◆ Your objective ◆
From the line with "page: 3 of 18" down to the final line of the material below, quote every line exactly and leave out all lines before it.

◆ Input ◆
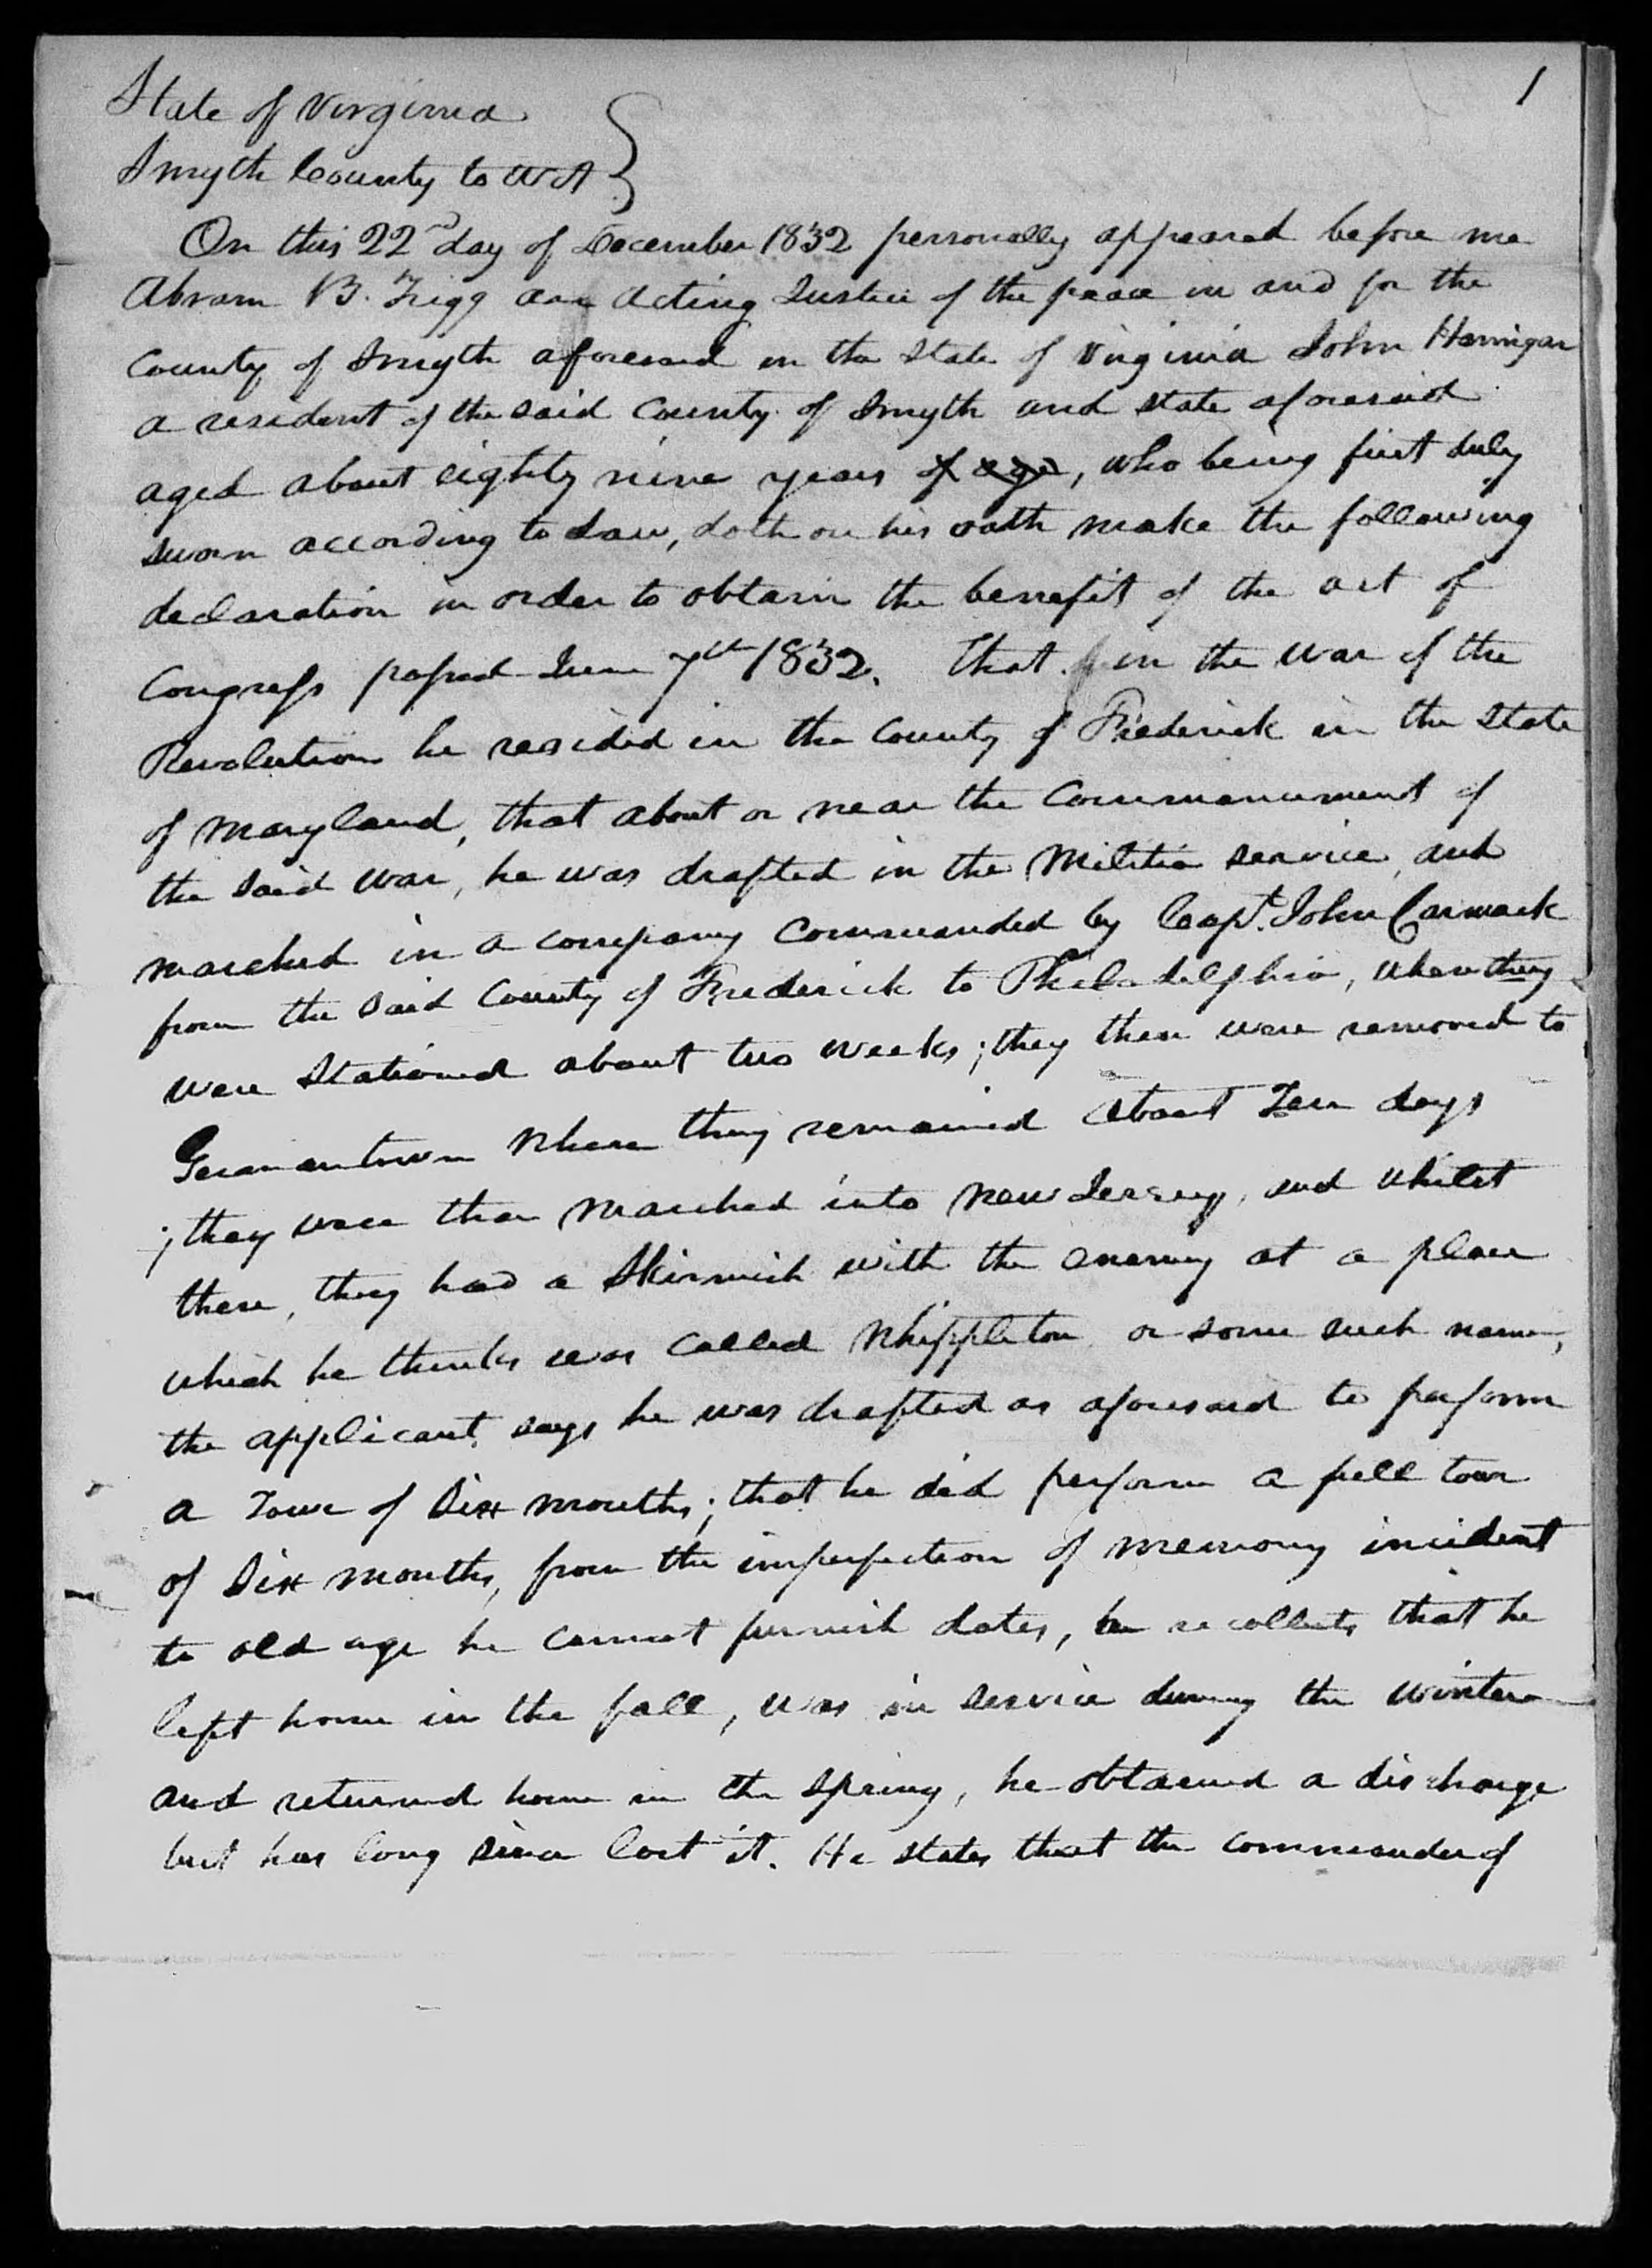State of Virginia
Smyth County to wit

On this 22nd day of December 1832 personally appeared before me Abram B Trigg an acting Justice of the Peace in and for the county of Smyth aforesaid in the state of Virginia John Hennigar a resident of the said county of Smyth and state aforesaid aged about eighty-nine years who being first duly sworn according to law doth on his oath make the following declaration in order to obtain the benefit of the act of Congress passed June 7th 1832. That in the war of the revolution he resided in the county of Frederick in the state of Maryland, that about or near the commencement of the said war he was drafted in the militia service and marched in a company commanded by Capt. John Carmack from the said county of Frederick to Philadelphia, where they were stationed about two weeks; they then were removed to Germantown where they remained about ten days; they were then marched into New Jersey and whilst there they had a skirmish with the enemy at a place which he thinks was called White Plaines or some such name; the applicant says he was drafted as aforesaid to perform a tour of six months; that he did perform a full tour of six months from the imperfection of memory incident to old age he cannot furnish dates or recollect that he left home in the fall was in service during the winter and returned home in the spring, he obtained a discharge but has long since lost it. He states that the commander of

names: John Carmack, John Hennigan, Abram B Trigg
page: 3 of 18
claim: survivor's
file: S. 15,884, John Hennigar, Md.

◆ Exercise solution ◆
page: 3 of 18
claim: survivor's
file: S. 15,884, John Hennigar, Md.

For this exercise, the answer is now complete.